Sure the management consoles will load a bit quicker and it'll boot quicker...but who cares? It's a server, not worth the extra outlay. Why do you think 99% of servers in use in actual server environments still use rotational disks? SSDs are gaining ground but for high IO applications, not file sharing

A RAID controller with decent cache would do a much better job at giving a performance increase but thats debatably pointless on this scale too. The money is better spent on something actually useful - more capacity or beer.
 
......:confused:

Strange response to a technical explanation of why an SSD wont offer any useful performance increase in this sort of application. It wasn't an opinion - it was a correction of an incorrect statement made by yourself.

If you took 2 identical servers in this configuration, one with an SSD and one with a rotational drive for the OS, the one with the SSD would not be any quicker as a server than the one without. The only possible situation where this might be the case is if he goes for SBS with Exchange. If the Exchange DB was put on the SSD (Bad idea!) then it might be a bit quicker, although in reality Exchange 2010 is really nicely optimised for low IO disks so it probably wouldnt help much there. Or, if the mailbox store causes paging due to memory use then it might help out there if the pagefile was on the SSD - but given the minimal user load on such a server, I cant see this ever happening.

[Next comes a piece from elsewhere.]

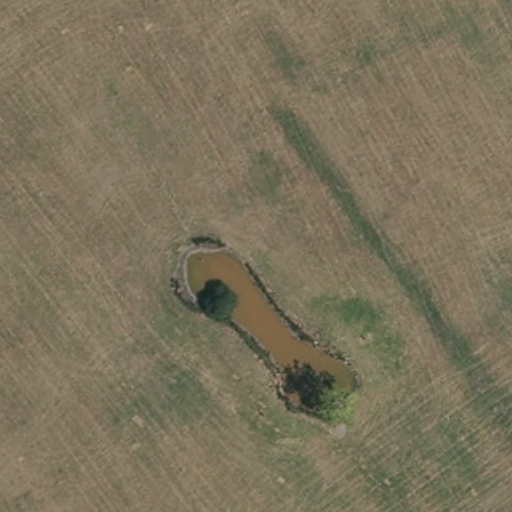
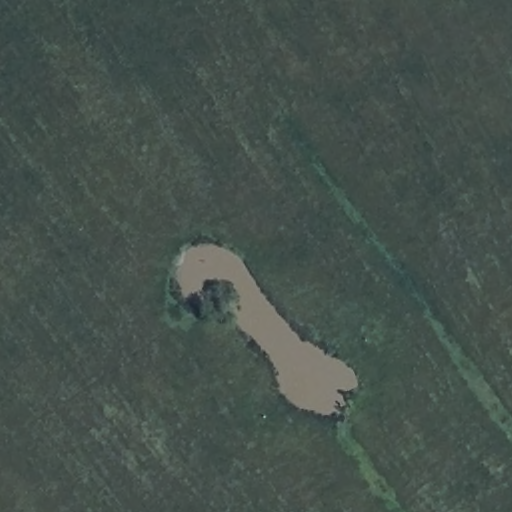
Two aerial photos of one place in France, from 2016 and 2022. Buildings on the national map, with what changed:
[]

So it's not an opinion, I'd suggest if you're going to offer people advice then you have the technical facts to explain it, otherwise you're just encouraging people to spend their hard earned on something which will give them no benefit
 
Question, will it be faster ... YES. A generic answer to a generic question.

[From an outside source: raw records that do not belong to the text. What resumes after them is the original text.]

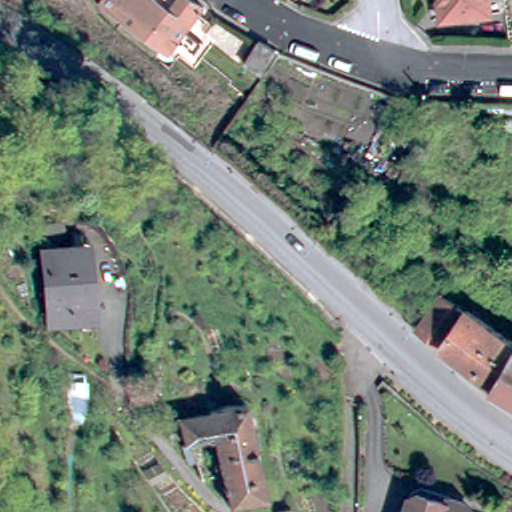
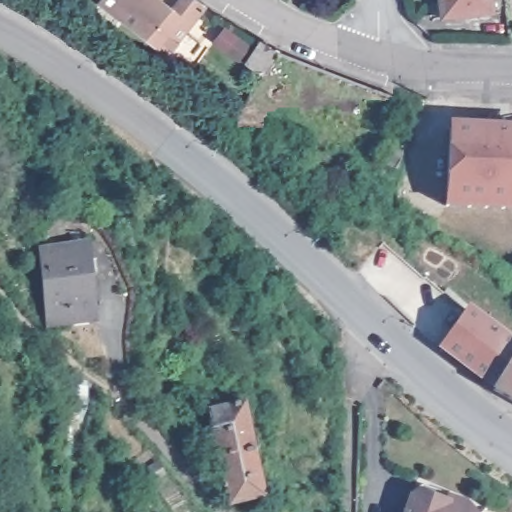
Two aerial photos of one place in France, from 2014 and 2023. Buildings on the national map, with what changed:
unchanged [(112,0),(142,0),(131,15),(112,0)]
unchanged [(212,0),(177,48),(131,15),(142,0),(212,0)]
unchanged [(442,0),(490,0),(492,12),(445,18),(442,0)]
unchanged [(279,51),(262,75),(245,64),(259,39),(279,51)]
new [(471,129),(507,130),(506,132),(512,132),(512,207),(447,205),(447,195),(450,129),(471,129)]
unchanged [(91,317),(52,322),(44,251),(84,247),(91,317)]
unchanged [(512,341),(512,361),(505,373),(495,388),(493,387),(440,347),(417,327),(442,294),(467,311),(512,341)]
unchanged [(495,388),(505,373),(512,361),(512,400),(494,390),(495,388)]
unchanged [(230,392),(239,390),(240,397),(245,396),(247,404),(252,402),(255,418),(250,420),(266,491),(227,499),(222,471),(200,476),(191,437),(180,440),(175,413),(174,412),(169,387),(202,379),(207,404),(232,399),(230,392)]
unchanged [(409,485),(443,495),(445,489),(461,493),(474,508),(473,512),(402,512),(409,485)]
unchanged [(277,511),(283,509),(291,507),(292,512),(277,512),(277,511)]

Question, is it worth it (which wasn't really alluded to in the OP). Not necessarily and I highlighted my concerns to that in the latter half of my reply.

Keep it friendly, hey?
 
I use an SSD in a 2008 server as a distribution point for my MDT 2010 setup, a mechanical drive couldn't cope when building a lab of 30+ machines simultaneously.

Horses for courses :/
 
I use an SSD in a 2008 server as a distribution point for my MDT 2010 setup, a mechanical drive couldn't cope when building a lab of 30+ machines simultaneously.

Horses for courses :/

I had a client ask for a speed up on the Backup Exec startup so we put an SSD disk in just for BE. It obviously wont be for everyone and some might think its a waste of money but he could check the the status in seconds each morning rather than 20-30 seconds. Each to their own and he was happy to spend the money on that as it worked for him.

I'm also thinking of running a VM host of one for some testing that I need to do later this month.
 
I use an SSD in a 2008 server as a distribution point for my MDT 2010 setup, a mechanical drive couldn't cope when building a lab of 30+ machines simultaneously.

Horses for courses :/

Of course, in that sort of situation it will work well. In a basic home server, no point.

I'm not saying there's never a point - I've literally just ordered a 512gb Samsung 840 Pro for a blade server I'm using as a VDI load evaluation test bed
 
The endurance on Samsung 840s is significantly lower than their 830 predecessors unfortunately. 420TB of writes vs. 6PB or more.

I hope Samsung keep manufacturing the 830, even if they do cost a bit more.
 
To be honest it's a benchmark/proof of concept lab system - any live view deployments will be SAN backed. This will be mostly reads anyway, so hopefully it wont pack up before I'm done with it :D
 
The endurance on Samsung 840s is significantly lower than their 830 predecessors unfortunately. 420TB of writes vs. 6PB or more.

I hope Samsung keep manufacturing the 830, even if they do cost a bit more.

Where did these figures come from?

Are you comparing to the 830 to the 840, or to the 840 Pro? Both the 830 and the 840 Pro use MLC NAND (AFAIK) so why would there be such a massive difference?
 
Where did these figures come from?

Are you comparing to the 830 to the 840, or to the 840 Pro? Both the 830 and the 840 Pro use MLC NAND (AFAIK) so why would there be such a massive difference?
The 840 Pro uses two-bit MLC like the 830, so that should have similar durability. I thought all the new 840 series used 21nm TLC chips but apparently not.

The above figures only apply to the non-pro 840 256GB.